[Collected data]
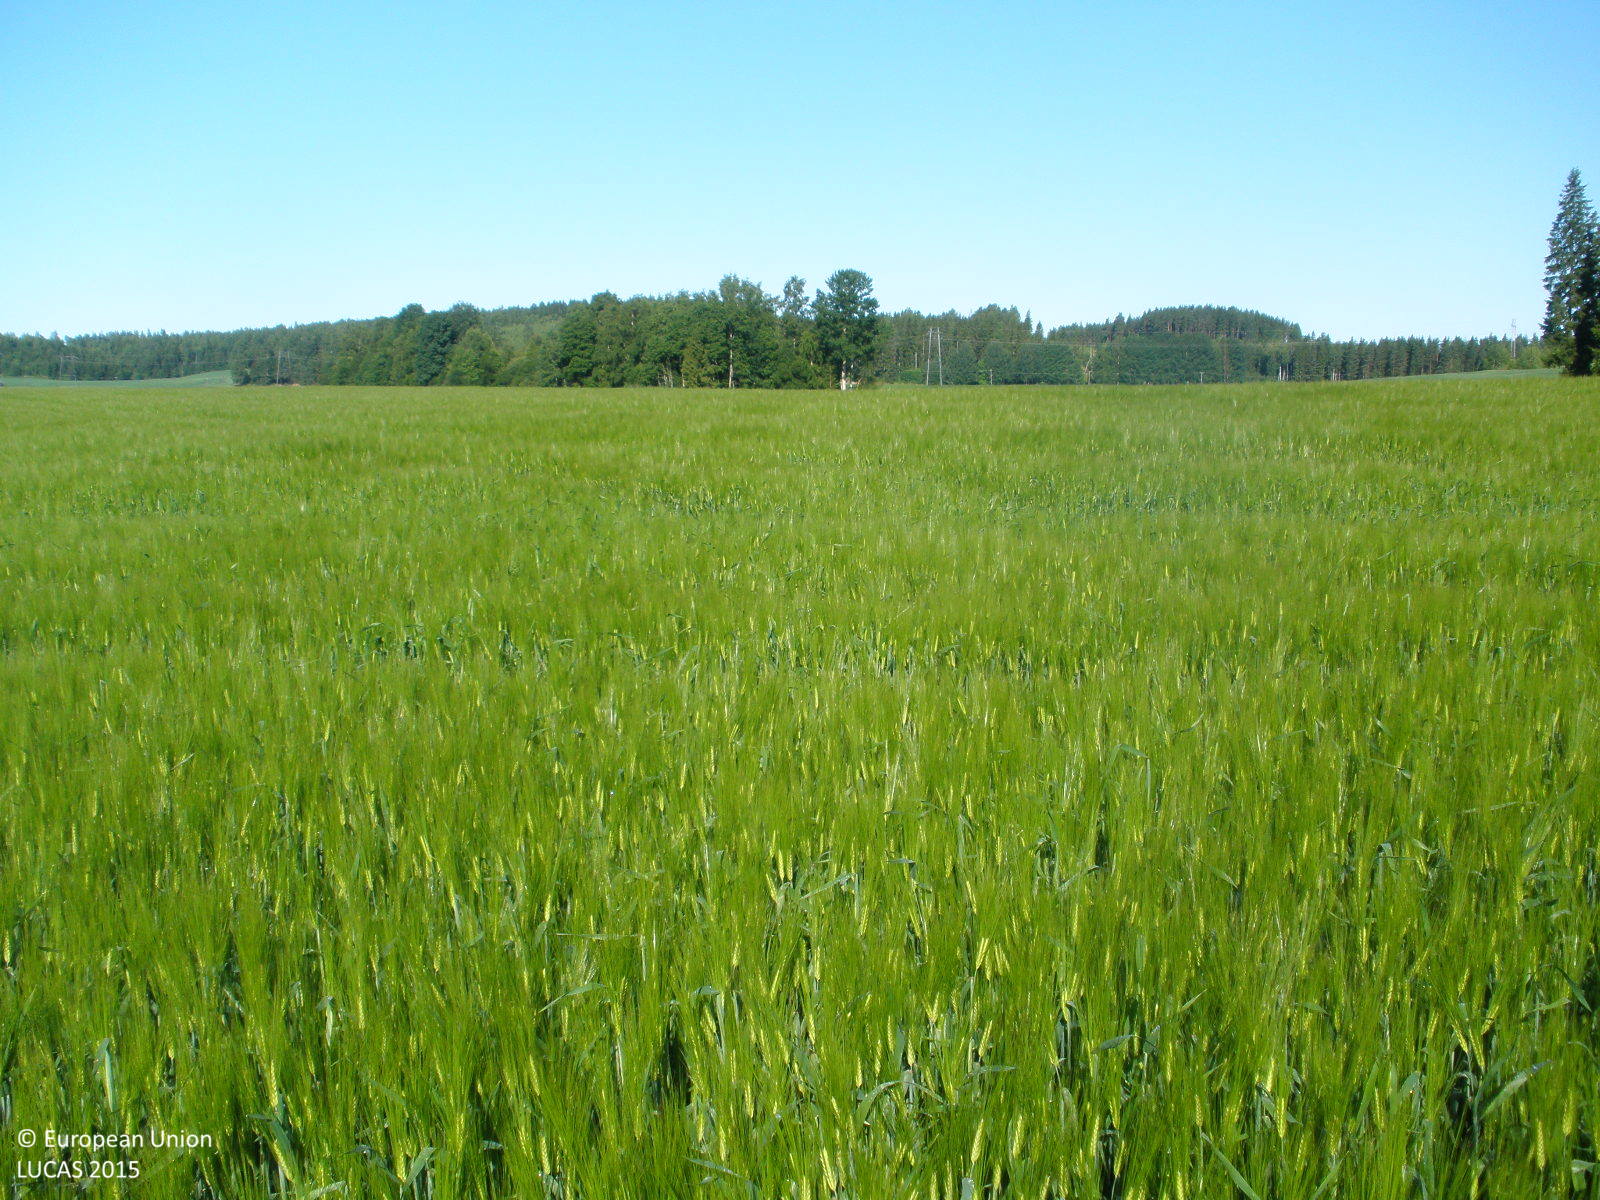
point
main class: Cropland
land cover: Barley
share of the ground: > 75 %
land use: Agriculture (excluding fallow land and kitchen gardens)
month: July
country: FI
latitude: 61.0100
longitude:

- _What the task asks_: The expected response is every entry above, repeated exactly, pictures removed.

- _Result below_:
point
main class: Cropland
land cover: Barley
share of the ground: > 75 %
land use: Agriculture (excluding fallow land and kitchen gardens)
month: July
country: FI
latitude: 61.0100
longitude:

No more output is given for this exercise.